At the end of January, Canon filed 11 patent-infringement lawsuits against 18 companies that manufacture or sell third-party toner cartridges for various Canon and HP-branded laser printers in the U.S. District Court for the Southern District of New York (see “Here We Go Again: Canon Sues Firms for Infringing Various Gear and Drum Patents”). What the OEM did not do at the end of January or in the month and a half since is bring a complaint before the U.S. International Trade Commission (ITC) asking that the ITC commence a so-called 337 investigation into infringement of its intellectual property and requesting that the commission issue an exclusion order as remedy.
This has been a topic of some debate at Actionable Intelligence. At the beginning of February, Actionable Intelligence President Charles Brewer was convinced it was only a matter of time before Canon sought an ITC investigation. I wasn’t so sure. This isn’t because my crystal ball is newer or shinier or better in any way than Mr. Brewer’s, but simply because this isn’t what I have seen Canon or other OEMs do in the past.
When Canon brought its patent-infringement complaint against Ninestar and various affiliates and distributors in 2010, it did so simultaneously before the ITC and in federal district court (see “Part 2: Canon Takes Aim at Ninestar, Should Others Worry?”). The firm did the same with its 2012 litigation (see “Reman Nightmare Realized: Canon Sues Dozens Over Infringing Gear”), which ultimately netted it a general exclusion order (GEO) from the ITC. Other OEMs have done much the same, filing suit before the ITC and in federal district court simultaneously. Typically, the action in the district court case is stayed pending the results of the ITC investigation, which is why we had Epson and Ninestar arguing in the U.S. District Court for the District of Oregon years after the ITC awarded the OEM its historic GEO back in 2007.

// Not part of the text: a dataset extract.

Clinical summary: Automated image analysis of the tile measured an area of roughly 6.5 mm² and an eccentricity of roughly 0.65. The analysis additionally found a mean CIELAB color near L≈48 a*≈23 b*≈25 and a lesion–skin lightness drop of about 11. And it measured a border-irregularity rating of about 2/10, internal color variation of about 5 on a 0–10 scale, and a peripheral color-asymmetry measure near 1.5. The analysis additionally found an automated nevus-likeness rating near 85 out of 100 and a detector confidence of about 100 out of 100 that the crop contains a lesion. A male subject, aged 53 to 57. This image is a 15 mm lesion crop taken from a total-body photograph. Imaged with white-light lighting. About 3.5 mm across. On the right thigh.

It just seemed weird to me that if Canon had plans to ask for a Section 337 investigation, it wouldn’t do so at the same time as bringing its patent-infringement complaints in district court. And it made me wonder: Why isn’t Canon initiating an ITC investigation this time around?
Some differences between the OEM’s 2012 litigation and its 2014 litigation are that Canon is alleging that far more patents are infringed this time around, and these patents are used in a smaller number of cartridges and thus a smaller base of machines. So perhaps Canon felt it wasn’t worth going to the effort of initiating an ITC complaint to protect a handful of cartridges used in 50 machines.

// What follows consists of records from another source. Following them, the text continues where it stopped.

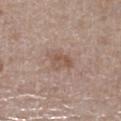Findings:
- biopsy status · catalogued during a skin exam; not biopsied
- lesion diameter · ≈4 mm
- location · the left lower leg
- patient · female, aged around 75
- image source · total-body-photography crop, ~15 mm field of view
- illumination · white-light

But this argument doesn’t hold water. While Canon is looking to protect a smaller number of products in this suit, the patents themselves are more numerous and much newer and cover a dongle gear design (see “A Look at the Dongle Gears Central to Canon’s Latest Patent-Infringement Suits”) in which Canon appears to have invested significant R&D, indicating that Canon probably plans to use this gear design in more products moving forward. Moreover, the 50 laser printers and MFPs Canon is looking to protect in the lawsuit are some of HP’s and Canon’s latest models—models it will be selling far into the future and for which presumably it would like to protect its supplies revenue. These differences between the suits make it seem more likely, not less, that Canon would initiate an ITC investigation and seek a GEO. But the firm has not done so.
Thus, a more plausible explanation may be that Canon is not all that satisfied with the GEO it was awarded in June 2013. I am sure champagne corks popped in Tokyo and Melville, NY, when the ITC’s remedy was revealed, but it may be that champagne wishes for a changed industry post-GEO turned into a lingering headache as numerous aftermarket firms quickly announced non-infringing gear designs that had been cleared by U.S. Customs and Border Protection.
At one time, many believed that if Canon won a GEO, it would cripple the third-party supplies industry’s ability to offer aftermarket cartridges for many HP and Canon laser devices in the United States, much the same way Epson’s GEO essentially killed the Epson compatible business in the United States. But that hasn’t happened. While Canon’s GEO may have resulted in fewer infringing SKUs, today aftermarket manufacturers continue to offer customers a steady supply of compatible and remanufactured cartridges for Canon and HP devices.
Could it be that Canon found the individual settlements and consent judgments and permanent injunctions it gleaned from various defendants as a result of its 2010 and 2012 litigation more valuable than the ITC’s GEO?
All this is speculation, of course, and Canon could ask for a Section 337 investigation tomorrow, proving my crystal ball cracked and Mr. Brewer right after all. (And Mr. Brewer is right more often than he’s wrong.) But Canon’s latest round of lawsuits has me wondering: Hey Canon, how happy are you with that GEO? And if you are happy with the ITC’s remedy, why no similar request for an ITC investigation and GEO this time around?